------ Material provided

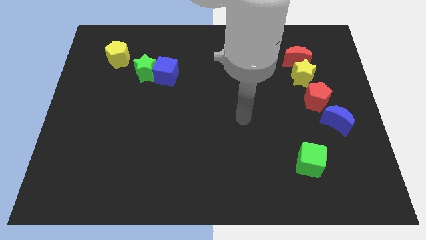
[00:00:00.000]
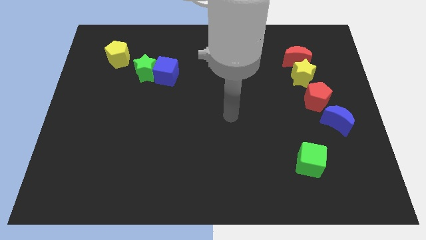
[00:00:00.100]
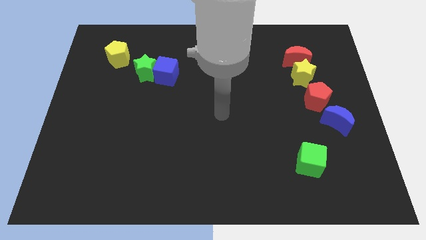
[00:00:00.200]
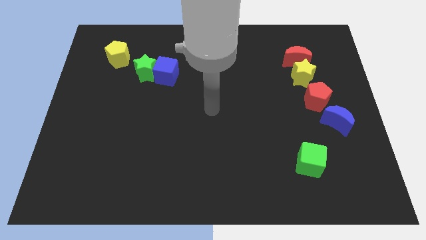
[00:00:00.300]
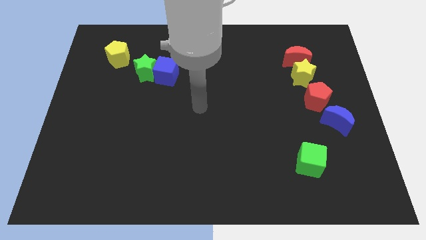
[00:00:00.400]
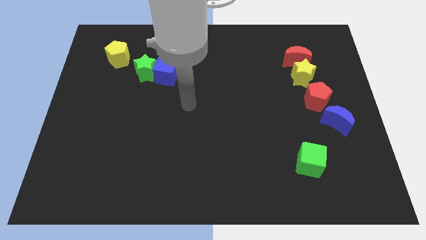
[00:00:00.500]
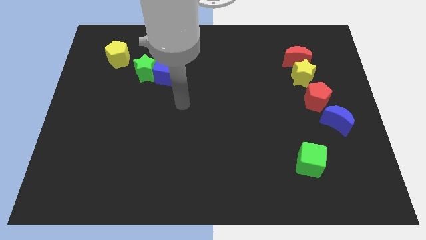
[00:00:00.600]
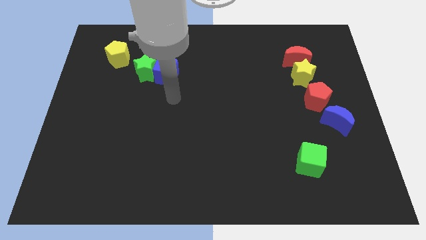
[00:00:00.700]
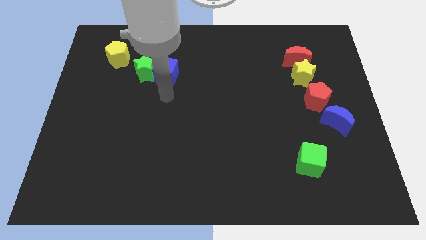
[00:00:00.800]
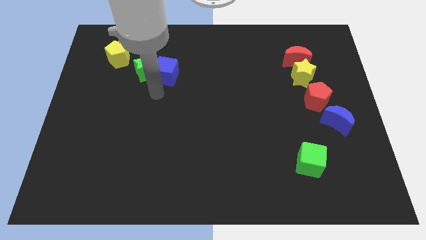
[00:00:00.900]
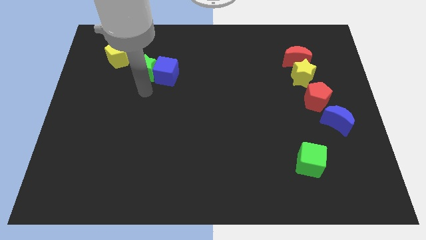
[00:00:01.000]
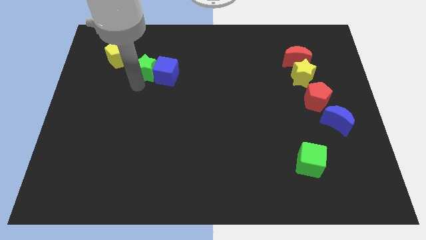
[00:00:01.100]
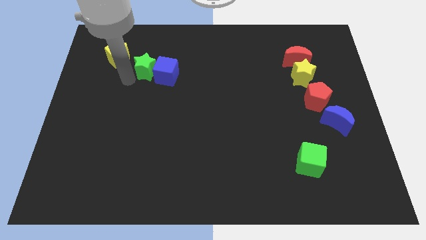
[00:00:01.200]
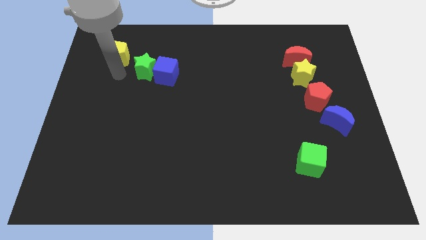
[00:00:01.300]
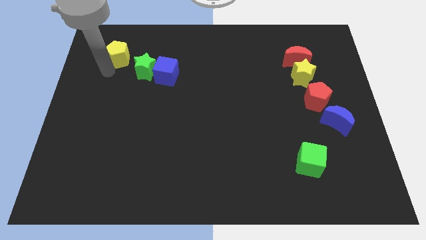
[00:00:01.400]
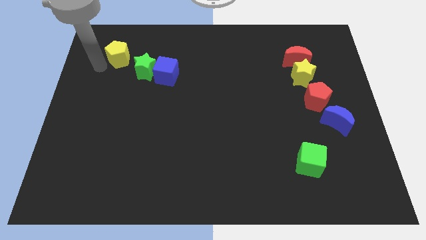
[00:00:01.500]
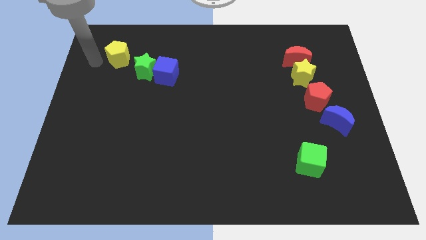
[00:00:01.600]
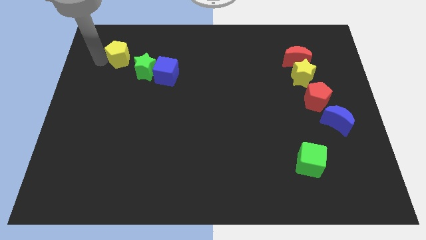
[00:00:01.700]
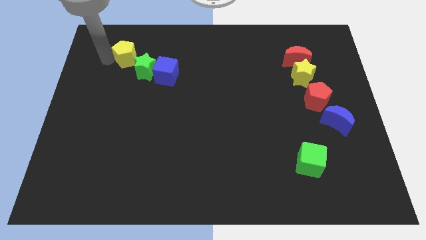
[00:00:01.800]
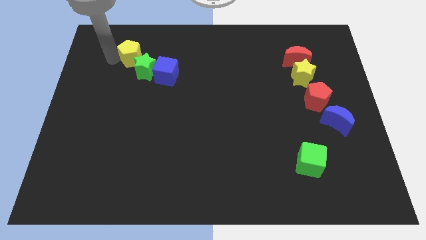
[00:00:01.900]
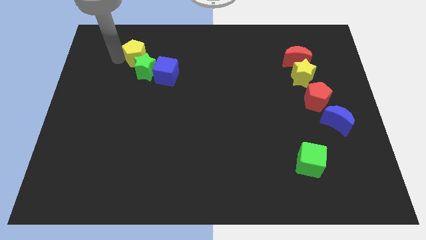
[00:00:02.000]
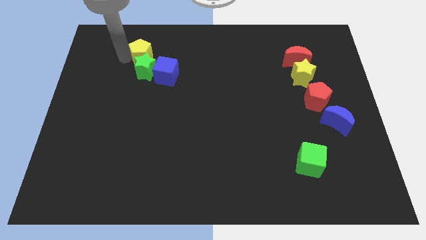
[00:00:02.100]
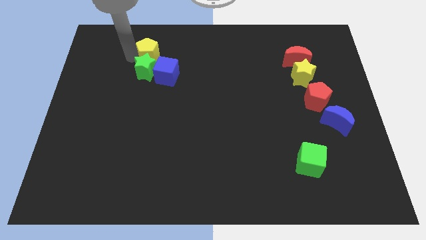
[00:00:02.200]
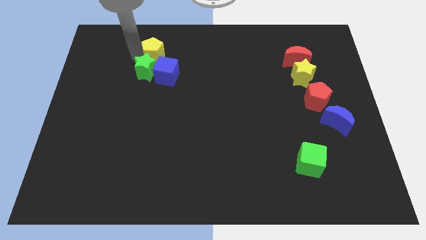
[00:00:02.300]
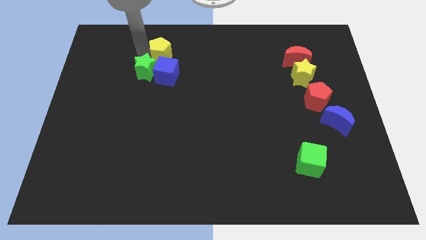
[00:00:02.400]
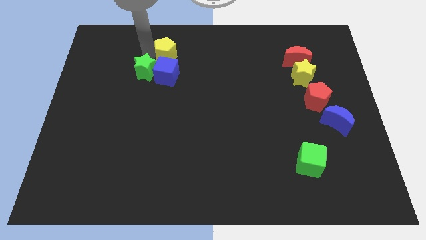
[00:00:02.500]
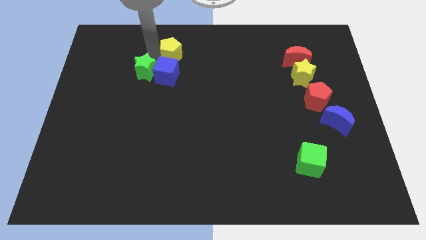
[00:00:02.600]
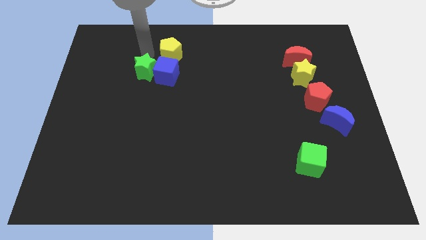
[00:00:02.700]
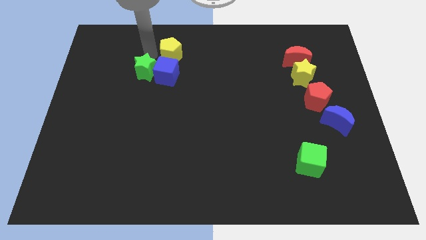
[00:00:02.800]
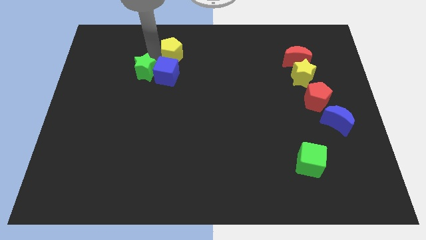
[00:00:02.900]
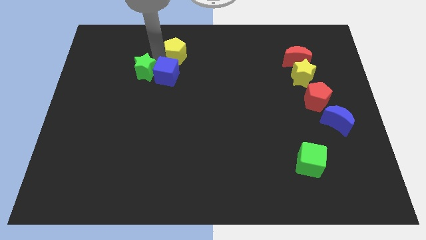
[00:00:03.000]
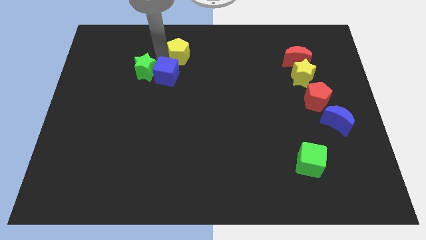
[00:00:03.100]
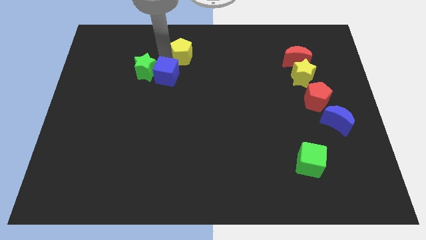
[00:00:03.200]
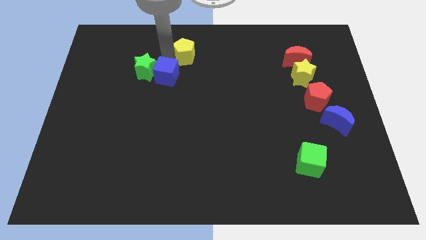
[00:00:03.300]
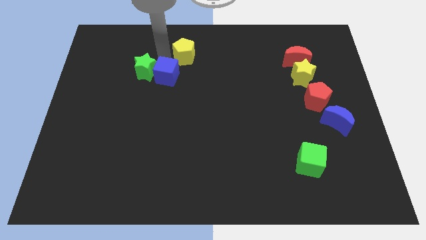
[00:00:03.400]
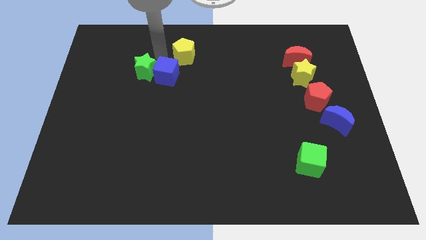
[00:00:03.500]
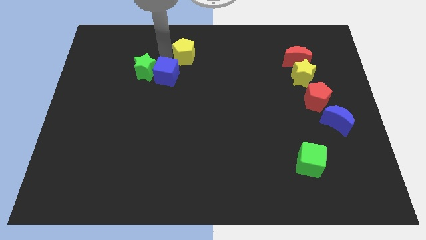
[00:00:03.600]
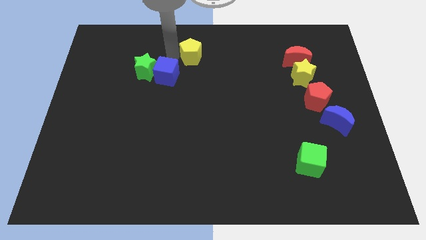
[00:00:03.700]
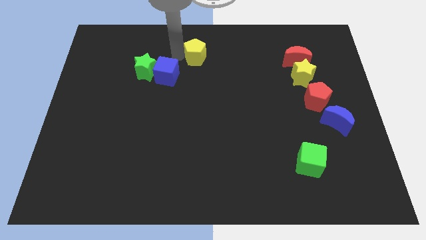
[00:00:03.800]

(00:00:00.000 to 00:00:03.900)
push the yellow pentagon to the right

------------

▶ **Requirement**
Drop the images and transcribe the entries above exactly.

▶ **Solution for this exercise**
[00:00:00.000]
[00:00:00.100]
[00:00:00.200]
[00:00:00.300]
[00:00:00.400]
[00:00:00.500]
[00:00:00.600]
[00:00:00.700]
[00:00:00.800]
[00:00:00.900]
[00:00:01.000]
[00:00:01.100]
[00:00:01.200]
[00:00:01.300]
[00:00:01.400]
[00:00:01.500]
[00:00:01.600]
[00:00:01.700]
[00:00:01.800]
[00:00:01.900]
[00:00:02.000]
[00:00:02.100]
[00:00:02.200]
[00:00:02.300]
[00:00:02.400]
[00:00:02.500]
[00:00:02.600]
[00:00:02.700]
[00:00:02.800]
[00:00:02.900]
[00:00:03.000]
[00:00:03.100]
[00:00:03.200]
[00:00:03.300]
[00:00:03.400]
[00:00:03.500]
[00:00:03.600]
[00:00:03.700]
[00:00:03.800]

(00:00:00.000 to 00:00:03.900)
push the yellow pentagon to the right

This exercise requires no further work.